Can you find what $\sum_{i=1}^{n}\left(n/i\right)^{i}$ is equal to? By simulation, I know that a loose upper bound is $2^n$. I am happy with a proof of such upper bound if an exact expression is not available.
2 Answers
This is not a proof of anything but just the result of a very empirical approach based on numerical simulation.
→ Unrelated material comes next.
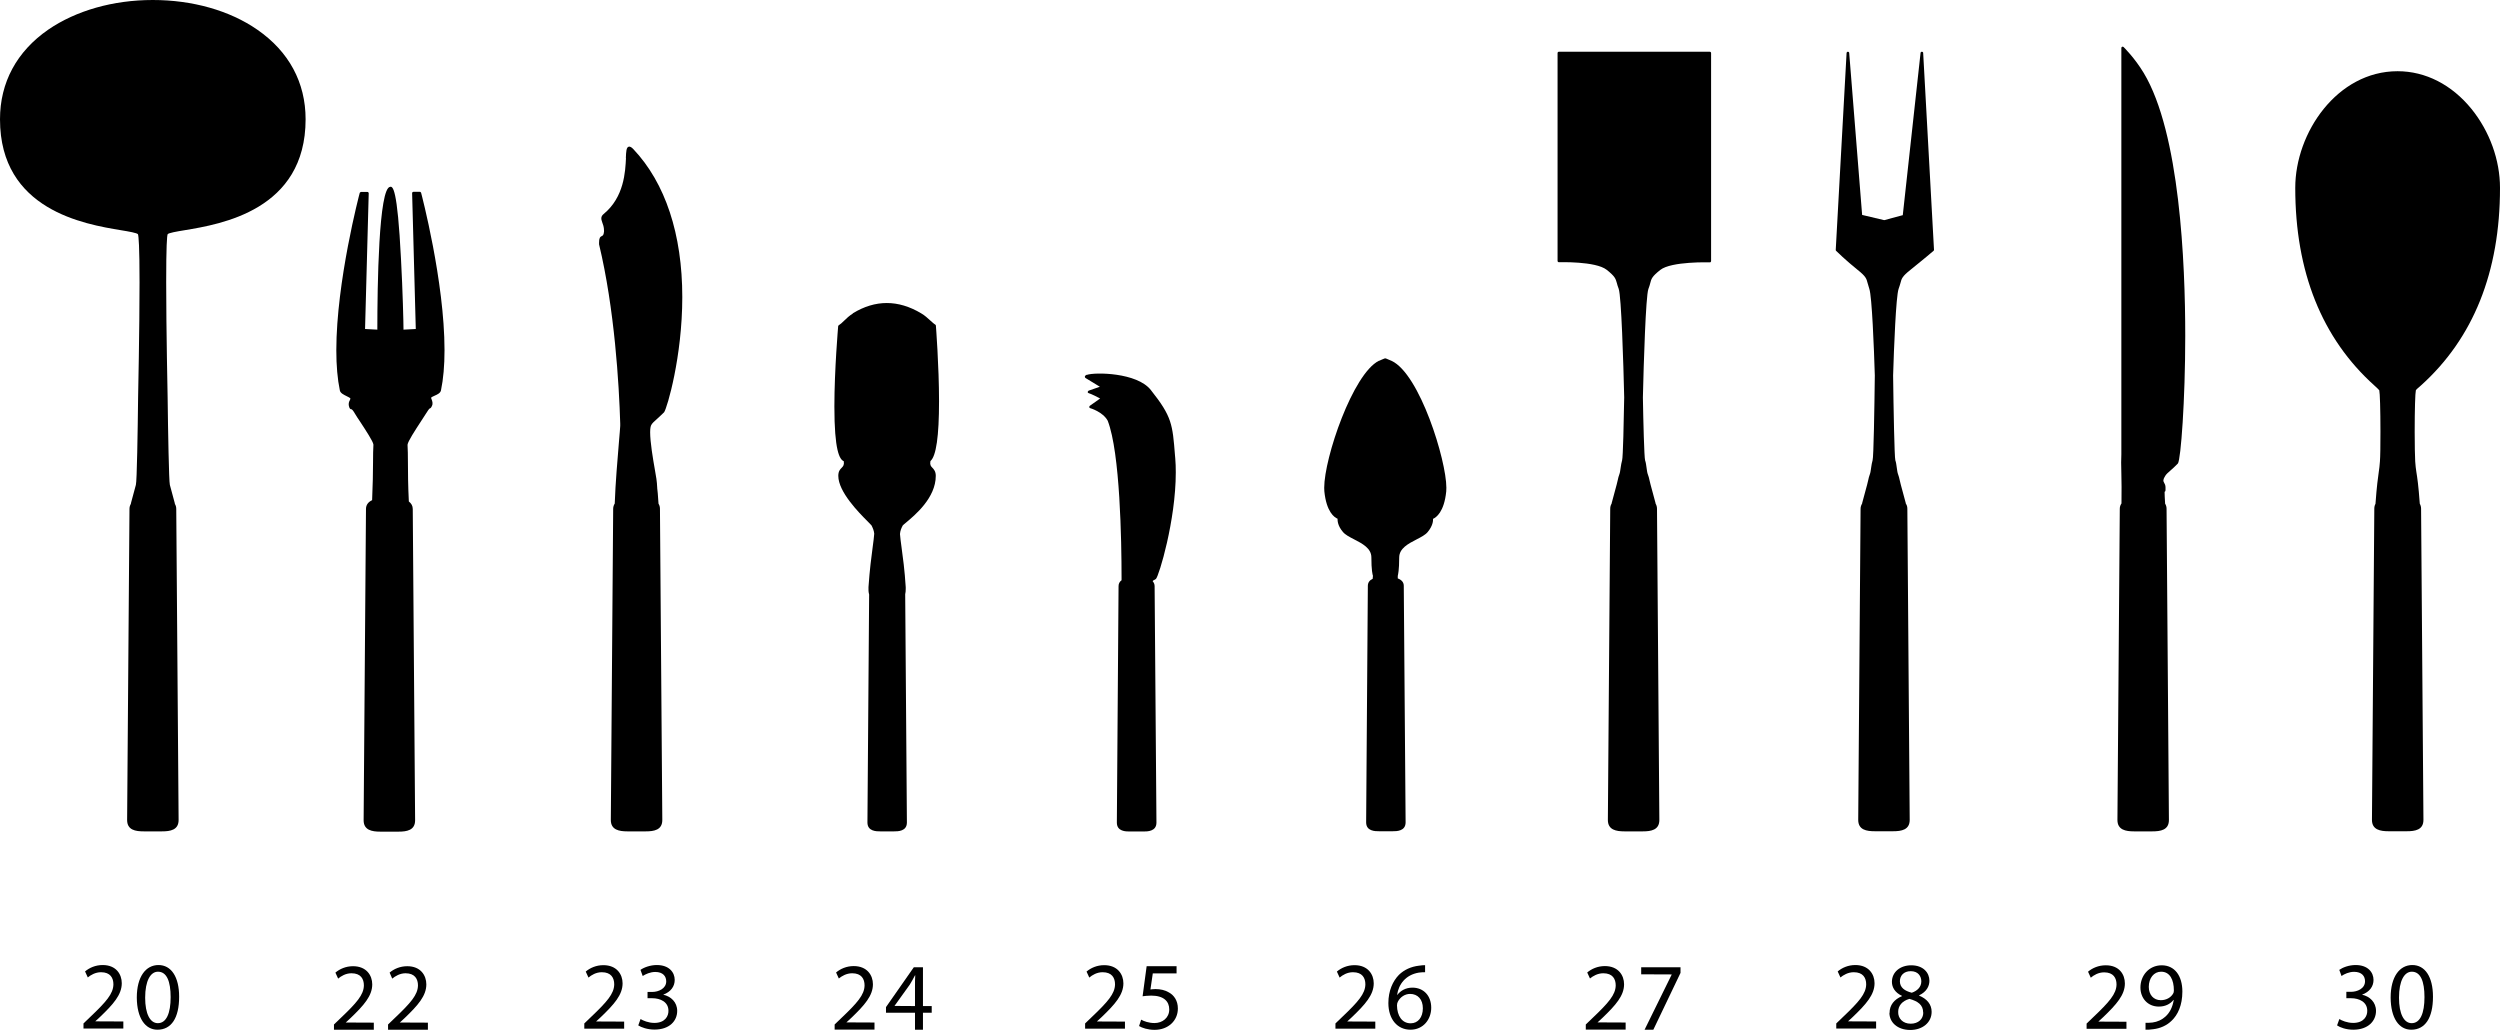 <?xml version="1.0" encoding="UTF-8"?><svg id="Livello_2" xmlns="http://www.w3.org/2000/svg" viewBox="0 0 191.34 78.81"><g id="Livello_1-2"><path d="m3.69,2.27C1.28,3.94,0,6.31,0,9.13c0,6.96,6.49,8.03,9.26,8.49.61.1,1.24.21,1.3.31.05.14.12.89.12,3.68,0,3.66-.11,8.76-.11,8.82-.03,2.54-.09,6.42-.17,6.68-.1.37-.38,1.41-.38,1.41,0,.01,0,.02,0,.04-.07.11-.11.24-.11.39l-.18,23.81c0,.77.64.87,1.27.87h1.4c.63,0,1.27-.1,1.27-.87l-.18-23.81c0-.15-.04-.28-.11-.39,0-.01.01-.02,0-.04,0,0-.28-1.04-.38-1.41-.07-.26-.14-4.14-.17-6.69,0-.05-.11-5.16-.11-8.83,0-2.78.06-3.52.11-3.66.05-.1.69-.21,1.3-.31,2.77-.46,9.26-1.53,9.26-8.49,0-2.82-1.28-5.19-3.7-6.86C17.57.8,14.72,0,11.69,0c-3.03,0-5.87.81-8,2.27Z"/><path d="m29.87,14.3c-.89.01-.99,7.65-.99,10.93h0s-.94-.05-.94-.05l.28-10.39h0s-.01-.05-.03-.07c-.02-.02-.04-.03-.07-.03h-.49s-.09.03-.1.08c-.02.07-1.79,6.77-1.79,12.04,0,1.18.09,2.21.27,3.07.04.21.3.33.52.44.1.05.27.13.29.18,0,.03-.02.07-.04.12-.06.1-.12.26-.08.44.04.15.07.26.19.26.05,0,.15.12.27.33.1.17.25.4.42.65.41.63.98,1.49,1,1.73-.02.35-.03.8-.03,1.38,0,.74-.02,1.69-.07,2.87-.3.14-.47.36-.47.68l-.18,23.82c0,.76.64.87,1.27.87h1.4c.63,0,1.27-.1,1.27-.87h0s-.18-23.82-.18-23.82c0-.25-.11-.43-.3-.58-.06-1.22-.07-2.21-.07-2.97,0-.57-.01-1.03-.03-1.37.02-.25.59-1.12,1-1.75.17-.25.31-.48.42-.65.1-.16.23-.36.28-.38.07-.02.11-.06.17-.2.09-.18.02-.37-.03-.5-.02-.04-.04-.09-.04-.11.01-.05.17-.12.28-.17.21-.09.44-.2.48-.41.18-.86.27-1.89.27-3.07,0-5.26-1.77-11.97-1.79-12.04-.01-.04-.05-.08-.1-.08h-.49s-.05.01-.07.03c-.02.02-.03.04-.03.07h0s.28,10.4.28,10.4l-.94.05c0-.52-.06-2.97-.19-5.38-.28-5.57-.64-5.57-.83-5.56Z"/><path d="m83.18,28.68s-.15.05-.15.16c0,.03.02.07.05.09l1.1.67-.86.3s-.06.05-.07.1c0,.05.03.08.07.09,0,0,.21.05.88.41l-.79.56s-.05.06-.04.1c0,.04.03.07.07.08.01,0,.97.28,1.34.96.95,2.44,1.06,9.21,1.06,12.01,0,.08,0,.13,0,.2-.15.11-.23.26-.23.45l-.13,18.1c0,.68.69.68.98.68h1.06c.29,0,.99,0,.99-.68h0s-.14-18.1-.14-18.1c0-.15-.06-.27-.15-.38.02-.04.05-.06.1-.08.04-.02.08-.04.15-.09.23-.22,1.52-4.47,1.52-8.15,0-.38-.01-.74-.04-1.08l-.02-.22c-.19-2.4-.23-2.97-1.85-5.01-1.06-1.35-4.29-1.37-4.89-1.16Z"/><path d="m65.28,23.99c-.27.17-.5.38-.69.57-.14.14-.27.26-.39.33-.03.02-.04.04-.05.07,0,.03-.29,3.32-.29,6.15,0,3.37.39,4.05.72,4.19.04.28-.04.38-.16.5-.12.12-.26.26-.26.62,0,1.22,1.57,2.81,2.25,3.49.14.14.27.27.29.3.1.2.19.4.21.64-.02.26-.06.6-.12,1.03-.1.74-.23,1.74-.32,3.06-.01.2,0,.39.05.56l-.13,17.45c0,.68.69.68.98.68h1.06c.29,0,.98,0,.98-.68l-.13-17.47c.03-.13.04-.26.04-.4,0-.04,0-.09,0-.14-.08-1.31-.22-2.32-.32-3.05-.06-.43-.1-.77-.12-1.02.02-.26.11-.46.21-.65.02-.03.14-.13.25-.22.68-.57,2.28-1.89,2.28-3.58,0-.35-.15-.5-.26-.62-.12-.12-.2-.22-.15-.51.44-.38.66-1.89.66-4.59s-.24-5.74-.24-5.77c0-.03-.02-.06-.04-.08-.12-.07-.24-.19-.39-.32-.2-.18-.42-.39-.7-.55-1.76-1.05-3.51-1.05-5.23,0Z"/><path d="m47.91,12.09c-.05,1.05-.14,3-1.71,4.29-.23.19-.2.38-.11.63.06.16.14.36.14.65,0,.02,0,.05,0,.06-.03.28-.09.31-.16.34-.15.07-.22.17-.22.51,0,.03,0,.07,0,.13,1.19,4.95,1.53,10.72,1.62,13.72,0,.11,0,.18,0,.18-.01.23-.05.62-.09,1.12-.11,1.33-.28,3.29-.33,4.82-.07.11-.12.25-.12.4l-.18,23.82c0,.76.64.87,1.27.87h1.4c.63,0,1.27-.1,1.27-.87h0s-.18-23.82-.18-23.82c0-.15-.04-.28-.11-.39-.05-.69-.07-1.04-.1-1.19,0-.01,0-.03,0-.04h-.02s0,0,0,0h.02s0-.07-.02-.28v-.03c0-.13-.06-.5-.15-1.01-.16-.91-.37-2.16-.37-2.92,0-.35.05-.49.09-.56.07-.13.23-.28.45-.47.14-.13.32-.29.53-.5.23-.33,1.39-4.25,1.39-8.81,0-4.82-1.3-8.74-3.75-11.33-.11-.11-.23-.22-.36-.18-.17.06-.19.34-.21.88Z"/><path d="m105.54,27.61c-2,.99-4.19,7.44-4.19,9.72,0,.1,0,.19.01.27.16,1.59.77,2,1.01,2.1,0,.16.01.54.41,1.01.18.22.51.39.86.57.62.32,1.32.68,1.32,1.38,0,.98.09,1.32.12,1.41l-.02.23c-.24.11-.37.29-.37.54l-.13,18.1c0,.68.69.68.98.68h1.06c.29,0,.98,0,.98-.68h0s-.14-18.1-.14-18.1c0-.28-.17-.46-.46-.57v-.19c.02-.1.11-.43.11-1.41,0-.7.7-1.06,1.32-1.38.35-.18.68-.35.86-.57.39-.47.42-.85.41-1.01.23-.1.85-.51,1.01-2.1,0-.08.01-.18.01-.28,0-2.11-2.04-8.71-4.19-9.71-.17-.08-.45-.19-.45-.19-.02,0-.05,0-.07,0-.01,0-.28.11-.45.19Z"/><path d="m175.67,14.38c0,6.43,2.04,11.52,6.06,15.13.18.17.35.32.37.36.05.2.09,1.48.09,3.16,0,1.04-.01,1.94-.04,2.29-.02.32-.05.53-.09.81-.06.44-.15,1.04-.25,2.43-.06.11-.09.23-.09.37l-.18,23.82c0,.76.64.87,1.27.87h1.4c.63,0,1.27-.1,1.27-.87h0s-.18-23.82-.18-23.82c0-.15-.04-.27-.1-.38-.1-1.39-.19-1.99-.26-2.42-.04-.27-.07-.49-.09-.81-.02-.35-.04-1.24-.04-2.28,0-1.69.04-2.97.09-3.17.02-.05.19-.2.38-.36,4.02-3.61,6.06-8.7,6.06-15.13,0-2.13-.79-4.32-2.18-6.04-1.51-1.86-3.52-2.89-5.66-2.89-4.62,0-7.83,4.7-7.83,8.92Z"/><path d="m119.21,4.06v15.91s0,.05.03.07c.02.02.05.03.07.03.03,0,2.81-.09,3.66.58.64.51.68.67.78,1.02.03.12.07.26.14.44.2.55.36,5.67.42,8.3-.03,1.82-.09,4.6-.16,4.82-.05.16-.08.37-.11.56-.03.2-.05.38-.1.51-.06.16-.09.28-.12.43-.02.1-.05.22-.09.37-.1.37-.38,1.41-.38,1.41,0,.01,0,.02,0,.03-.07.11-.11.24-.11.4l-.18,23.82c0,.76.64.87,1.27.87h1.4c.63,0,1.27-.1,1.27-.87h0s-.18-23.82-.18-23.82c0-.15-.04-.28-.11-.4,0-.01,0-.02,0-.03,0,0-.28-1.04-.38-1.41-.04-.15-.07-.27-.09-.37-.03-.14-.06-.27-.12-.42-.05-.12-.07-.31-.1-.51-.03-.2-.05-.4-.11-.56-.07-.22-.14-3-.17-4.82.06-2.63.22-7.75.42-8.3.07-.18.11-.32.14-.44.09-.35.13-.51.77-1.02.85-.67,3.76-.58,3.79-.58.03,0,.05,0,.07-.03.02-.02.03-.05.03-.07V4.06c0-.05-.04-.1-.1-.1h-11.55c-.05,0-.1.04-.1.1Z"/><path d="m162.36,3.67s0,13.68,0,22.89c0,8.07,0,8.19,0,8.21-.02.36-.02.84,0,1.46.01.61.03,1.35.01,2.3-.08.12-.13.25-.13.41l-.18,23.82c0,.76.64.87,1.27.87h1.4c.63,0,1.27-.1,1.27-.87h0s-.18-23.82-.18-23.82c0-.15-.04-.28-.11-.39-.03-.43-.04-.74-.04-.91.07-.02.07-.11.07-.15s0-.11,0-.19c0-.15-.05-.26-.1-.34-.09-.14-.1-.26.08-.54.07-.12.21-.25.41-.42.15-.13.34-.3.56-.53.22-.31.56-4.81.56-9.77,0-5.54-.41-15.52-3.18-20.12-.69-1.15-1.53-1.97-1.54-1.98-.03-.03-.07-.04-.11-.02-.04.02-.06.05-.06.09Z"/><path d="m145.66,16.46l-1.45.39-1.69-.4-.99-12.4c0-.05-.05-.09-.1-.09-.05,0-.09.04-.1.09l-.83,15.07s0,.06.03.08c0,0,.76.75,1.64,1.45.64.51.68.67.77,1.02.03.12.07.26.13.44.2.55.36,4.58.42,6.63-.03,2.48-.09,6.26-.17,6.49-.05.16-.08.36-.11.56-.03.2-.05.39-.1.51-.06.16-.09.28-.12.43-.02.1-.05.22-.09.37-.1.37-.38,1.41-.38,1.41,0,.01,0,.02,0,.03-.07.11-.12.25-.12.4l-.18,23.81c0,.77.64.87,1.27.87h1.4c.63,0,1.27-.1,1.27-.87l-.18-23.81c0-.16-.04-.29-.12-.4,0-.01,0-.02,0-.03,0,0-.28-1.04-.38-1.41-.04-.15-.07-.27-.09-.37-.03-.14-.06-.27-.12-.43-.05-.12-.07-.31-.1-.51-.03-.2-.05-.4-.11-.56-.07-.23-.14-4.01-.17-6.49.06-2.05.22-6.08.42-6.63.07-.18.1-.32.14-.44.09-.35.13-.51.77-1.02.87-.7,1.76-1.44,1.76-1.45.02-.02.04-.04.04-.07h0s-.83-15.08-.83-15.08c0-.05-.04-.09-.1-.09-.05,0-.1.04-.1.09l-1.36,12.41Z"/><path d="m44.72,78.73v-.4l.51-.49c1.22-1.16,1.77-1.78,1.78-2.5,0-.49-.23-.93-.95-.93-.44,0-.8.22-1.02.41l-.21-.46c.33-.28.8-.49,1.35-.49,1.03,0,1.47.71,1.47,1.39,0,.88-.64,1.6-1.65,2.57l-.38.35h0s2.15.01,2.15.01v.54h-3.05Z"/><path d="m49.02,77.99c.19.12.61.3,1.06.3.83,0,1.09-.53,1.08-.93,0-.67-.61-.96-1.24-.96h-.36v-.48h.36c.47,0,1.07-.25,1.07-.81,0-.38-.24-.72-.84-.72-.38,0-.75.17-.96.31l-.17-.47c.25-.18.74-.37,1.25-.37.94,0,1.37.56,1.37,1.14,0,.49-.29.91-.88,1.13h0c.59.13,1.07.57,1.07,1.24,0,.77-.59,1.43-1.74,1.43-.54,0-1.01-.17-1.24-.32l.18-.5Z"/><path d="m63.88,78.81v-.4l.51-.49c1.22-1.16,1.77-1.78,1.78-2.5,0-.49-.23-.93-.95-.93-.44,0-.8.22-1.02.4l-.21-.46c.33-.28.8-.49,1.35-.49,1.03,0,1.47.71,1.47,1.39,0,.88-.64,1.6-1.65,2.57l-.38.35h0s2.15.01,2.15.01v.54h-3.05Z"/><path d="m70.03,78.81v-1.3h-2.22v-.43l2.13-3.05h.7v2.97h.67v.51h-.67v1.3h-.61Zm0-1.81v-1.6c0-.25,0-.5.02-.75h-.02c-.15.28-.26.49-.4.71l-1.17,1.63h0s1.57.01,1.57.01Z"/><path d="m83.05,78.73v-.4l.51-.49c1.22-1.16,1.77-1.78,1.78-2.5,0-.49-.23-.93-.95-.93-.44,0-.8.22-1.02.41l-.21-.46c.33-.28.8-.49,1.35-.49,1.03,0,1.47.71,1.47,1.39,0,.88-.64,1.6-1.65,2.57l-.38.35h0s2.15.01,2.15.01v.54h-3.05Z"/><path d="m90.05,74.5h-1.82l-.18,1.23c.11-.01.21-.03.39-.03.37,0,.74.08,1.03.26.38.21.68.62.68,1.23,0,.93-.74,1.63-1.78,1.63-.52,0-.96-.15-1.19-.29l.16-.49c.2.12.59.26,1.02.26.61,0,1.13-.4,1.13-1.04,0-.62-.42-1.06-1.38-1.06-.27,0-.49.03-.66.05l.31-2.3h2.29v.55Z"/><path d="m102.21,78.73v-.4l.51-.49c1.22-1.16,1.77-1.78,1.78-2.5,0-.49-.23-.93-.95-.93-.44,0-.8.22-1.02.41l-.21-.46c.33-.28.8-.49,1.35-.49,1.03,0,1.47.71,1.47,1.39,0,.88-.64,1.6-1.65,2.57l-.38.35h0s2.15.01,2.15.01v.54h-3.05Z"/><path d="m109.08,74.41c-.13,0-.3,0-.49.03-1.02.17-1.55.91-1.66,1.7h.02c.23-.3.62-.55,1.15-.55.85,0,1.44.61,1.44,1.54,0,.88-.6,1.68-1.59,1.68s-1.69-.79-1.69-2.04c0-.94.34-1.68.81-2.16.4-.39.93-.63,1.53-.7.19-.03.35-.04.47-.04v.53Zm-.18,2.76c0-.68-.39-1.1-.98-1.1-.39,0-.75.24-.93.59-.04.07-.07.17-.07.29.01.79.38,1.37,1.05,1.37.56,0,.93-.46.93-1.15Z"/><path d="m6.39,78.73v-.4l.51-.49c1.22-1.16,1.77-1.78,1.78-2.5,0-.49-.23-.93-.95-.93-.43,0-.8.22-1.01.4l-.21-.46c.33-.28.8-.49,1.35-.49,1.03,0,1.46.71,1.46,1.39,0,.88-.64,1.6-1.65,2.57l-.38.35h0s2.15.01,2.15.01v.54h-3.05Z"/><path d="m13.71,76.29c0,1.63-.6,2.52-1.66,2.52-.93,0-1.57-.88-1.58-2.46,0-1.6.69-2.49,1.66-2.49s1.58.9,1.58,2.42Zm-2.6.07c0,1.24.38,1.95.97,1.95.66,0,.98-.77.98-1.99s-.3-1.95-.97-1.95c-.57,0-.98.69-.98,1.99Z"/><path d="m25.56,78.81v-.4l.51-.49c1.22-1.16,1.77-1.78,1.78-2.5,0-.49-.23-.93-.95-.93-.44,0-.8.22-1.02.41l-.21-.46c.33-.28.8-.49,1.35-.49,1.03,0,1.47.71,1.47,1.39,0,.88-.64,1.6-1.65,2.57l-.38.35h0s2.15.01,2.15.01v.54h-3.05Z"/><path d="m29.7,78.81v-.4l.51-.49c1.22-1.16,1.77-1.78,1.78-2.5,0-.49-.24-.93-.95-.93-.43,0-.79.22-1.02.41l-.2-.46c.33-.28.8-.49,1.35-.49,1.03,0,1.46.71,1.46,1.39,0,.88-.64,1.6-1.65,2.57l-.38.35h0s2.15.01,2.15.01v.54h-3.05Z"/><path d="m179.04,77.99c.18.12.61.3,1.06.3.83,0,1.09-.53,1.08-.93,0-.67-.61-.96-1.24-.96h-.36v-.49h.36c.47,0,1.07-.24,1.07-.81,0-.38-.24-.72-.84-.72-.38,0-.75.17-.96.32l-.17-.47c.25-.18.73-.37,1.25-.37.94,0,1.37.56,1.37,1.14,0,.49-.29.91-.88,1.13h0c.59.13,1.07.57,1.07,1.24,0,.77-.6,1.44-1.74,1.44-.54,0-1.01-.17-1.24-.33l.18-.5Z"/><path d="m186.21,76.29c0,1.62-.6,2.52-1.66,2.52-.94,0-1.57-.88-1.58-2.46,0-1.6.69-2.49,1.66-2.49s1.58.9,1.58,2.42Zm-2.6.07c0,1.24.38,1.95.97,1.95.66,0,.98-.77.98-1.99s-.3-1.95-.97-1.95c-.57,0-.98.69-.98,1.99Z"/><path d="m121.37,78.81v-.4l.51-.49c1.22-1.16,1.77-1.78,1.78-2.5,0-.49-.23-.93-.95-.93-.44,0-.8.22-1.02.4l-.21-.46c.33-.28.8-.49,1.35-.49,1.03,0,1.47.71,1.47,1.39,0,.88-.64,1.6-1.65,2.57l-.38.35h0s2.15.01,2.15.01v.54h-3.05Z"/><path d="m128.62,74.03v.43l-2.08,4.35h-.67l2.08-4.23h0s-2.34-.01-2.34-.01v-.54h3.02Z"/><path d="m140.54,78.73v-.4l.51-.49c1.22-1.16,1.77-1.78,1.78-2.5,0-.49-.23-.93-.95-.93-.44,0-.8.22-1.02.4l-.21-.46c.33-.28.8-.49,1.35-.49,1.03,0,1.47.71,1.47,1.39,0,.88-.64,1.6-1.65,2.57l-.38.35h0s2.15.01,2.15.01v.54h-3.05Z"/><path d="m144.62,77.52c0-.6.36-1.03.95-1.28v-.02c-.54-.25-.77-.66-.77-1.07,0-.76.64-1.27,1.48-1.27.93,0,1.39.58,1.39,1.18,0,.4-.2.84-.79,1.12v.02c.59.24.96.66.96,1.24,0,.83-.71,1.39-1.63,1.39-1,0-1.6-.6-1.6-1.3Zm2.57-.03c0-.58-.4-.86-1.05-1.04-.56.16-.86.53-.86.99-.02.49.34.91.96.91.58,0,.96-.36.96-.85Zm-1.78-2.39c0,.48.36.74.91.88.41-.14.73-.43.73-.87,0-.38-.23-.78-.81-.78-.54,0-.83.35-.83.77Z"/><path d="m159.7,78.74v-.4l.51-.49c1.22-1.16,1.77-1.78,1.78-2.5,0-.49-.23-.93-.95-.93-.44,0-.8.22-1.02.41l-.21-.46c.33-.28.8-.49,1.36-.49,1.03,0,1.46.7,1.46,1.39,0,.88-.64,1.6-1.65,2.57l-.38.35h0s2.15.01,2.15.01v.54h-3.05Z"/><path d="m164.22,78.28c.14.01.3,0,.52-.02.38-.05.73-.21,1-.46.32-.29.54-.71.63-1.27h-.02c-.26.33-.65.51-1.12.51-.86,0-1.41-.65-1.41-1.46,0-.91.65-1.7,1.63-1.7s1.58.79,1.58,2.01c0,1.05-.35,1.79-.83,2.24-.37.36-.87.58-1.39.64-.24.04-.44.04-.6.04v-.53Zm.24-2.75c0,.6.36,1.02.92,1.02.43,0,.77-.21.94-.5.04-.06.06-.13.06-.24,0-.82-.3-1.44-.98-1.44-.55,0-.94.49-.94,1.16Z"/></g></svg>

What I did is to compute the value of $$S(n)=\sum_{i=1}^{n}\left(\frac{n}{i}\right)^{i}$$ for values of $n$ which are multiples of $100$ (from $100$ to $1000$). Plotting $\log[S(n)]$ versus $n$ effectively reveals a very linear trend.
While I was working, appeared the very interesting answer from String (to whom all the merit must be given) ; this gave me the idea of using a slightly more complex model than a pure geometric one.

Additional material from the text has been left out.